Naming Conventions

In the PUDL codebase, we aspire to follow the naming and other conventions detailed in PEP 8.

Admittedly we have a lot of… named things in here, and we haven’t been perfect about following conventions everywhere. We’re trying to clean things up as we come across them again in maintaining the code.

  • Imperative verbs (e.g. connect) should precede the object being acted upon (e.g. connect_db), unless the function returns a simple value (e.g. datadir).

  • No duplication of information (e.g. form names).

  • lowercase, underscores separate words (i.e. snake_case).

  • Semi-private helper functions (functions used within a single module only and not exposed via the public API) should be preceded by an underscore.

  • When the object is a table, use the full table name (e.g. ingest_fuel_ferc1).

  • When dataframe outputs are built from multiple tables, identify the type of information being pulled (e.g. “plants”) and the source of the tables (e.g. eia or ferc1). When outputs are built from a single table, simply use the table name (e.g. boiler_fuel_eia923).

Glossary of Abbreviations

General Abbreviations

Abbreviation

Definition

abbr

abbreviation

assn

association

avg

average (mean)

bbl

barrel (quantity of liquid fuel)

capex

capital expense

corr

correlation

db

database

df & dfs

dataframe & dataframes

dir

directory

epxns

expenses

equip

equipment

info

information

mcf

thousand cubic feet (volume of gas)

mmbtu

million British Thermal Units

mw

Megawatt

mwh

Megawatt Hours

num

number

opex

operating expense

pct

percent

ppm

parts per million

ppb

parts per billion

q

(fiscal) quarter

qty

quantity

util & utils

utility & utilities

us

United States

usd

US Dollars

Data Source Specific Abbreviations

Abbreviation

Definition

frc_eia923

Fuel Receipts and Costs (EIA Form 923)

gen_eia923

Generation (EIA Form 923)

gf_eia923

Generation Fuel (EIA Form 923)

gens_eia923

Generators (EIA Form 923)

utils_eia860

Utilities (EIA Form 860)

own_eia860

Ownership (EIA Form 860)

Data Extraction Functions

The lower level namespace uses an imperative verb to identify the action the function performs followed by the object of extraction (e.g. get_eia860_file). The upper level namespace identifies the dataset where extraction is occurring.

Output Functions

When dataframe outputs are built from multiple tables, identify the type of information being pulled (e.g. plants) and the source of the tables (e.g. eia or ferc1). When outputs are built from a single table, simply use the table name (e.g. boiler_fuel_eia923).

Table Names

See this article on database naming conventions.

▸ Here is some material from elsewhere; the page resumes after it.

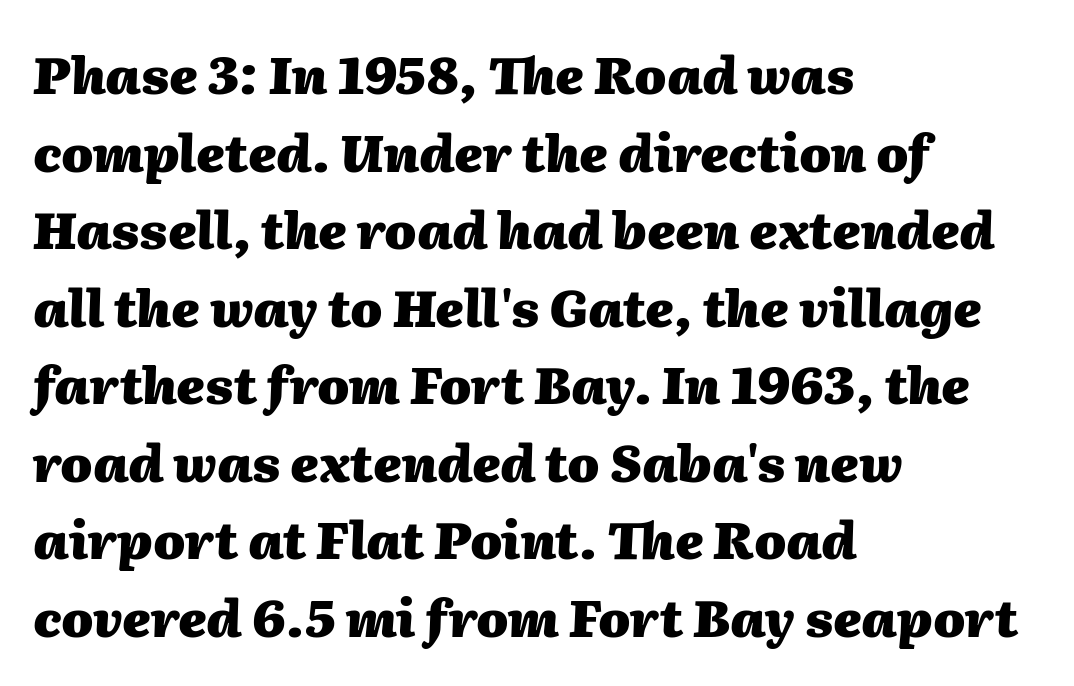
{"italic": "yes", "lean": "right", "slant_degrees": 2, "bold": "yes", "weight": "heavy", "width": "normal", "stroke_contrast": "medium", "x_height": "medium", "monospaced": "no", "underline": "no", "align": "left", "line_spacing": "normal", "line_spacing_ratio": 1.52, "letter_spacing": "normal", "letter_spacing_em": 0.0, "glyph_px": 51}
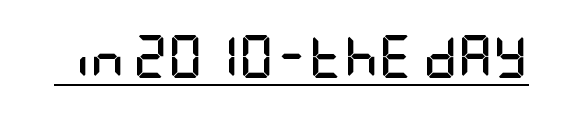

  • Table names in snake_case

  • The data source should follow the thing it applies to e.g. plant_id_ferc1

Columns and Field Names

  • total should come at the beginning of the name (e.g. total_expns_production)

  • Identifiers should be structured type + _id_ + source where source is the agency or organization that has assigned the ID. (e.g. plant_id_eia)

  • The data source or label (e.g. plant_id_pudl) should follow the thing it is describing

  • Units should be appended to field names where applicable (e.g. net_generation_mwh). This includes “per unit” signifiers (e.g. _pct for percent, _ppm for parts per million, or a generic _per_unit when the type of unit varies, as in columns containing a heterogeneous collection of fuels)

  • Financial values are assumed to be in nominal US dollars.

  • _id indicates the field contains a usually numerical reference to another table, which will not be intelligible without looking up the value in that other table.

  • The suffix _code indicates the field contains a short abbreviation from a well defined list of values, that probably needs to be looked up if you want to understand what it means.

  • The suffix _type (e.g. fuel_type) indicates a human readable category from a well defined list of values. Whenever possible we try to use these longer descriptive names rather than codes.

  • _name indicates a longer human readable name, that is likely not well categorized into a small set of acceptable values.

  • _date indicates the field contains a Date object.

  • _datetime indicates the field contains a full Datetime object.

  • _year indicates the field contains an integer 4-digit year.

  • capacity refers to nameplate capacity (e.g. capacity_mw)– other specific types of capacity are annotated.

  • Regardless of what label utilities are given in the original data source (e.g. operator in EIA or respondent in FERC) we refer to them as utilities in PUDL.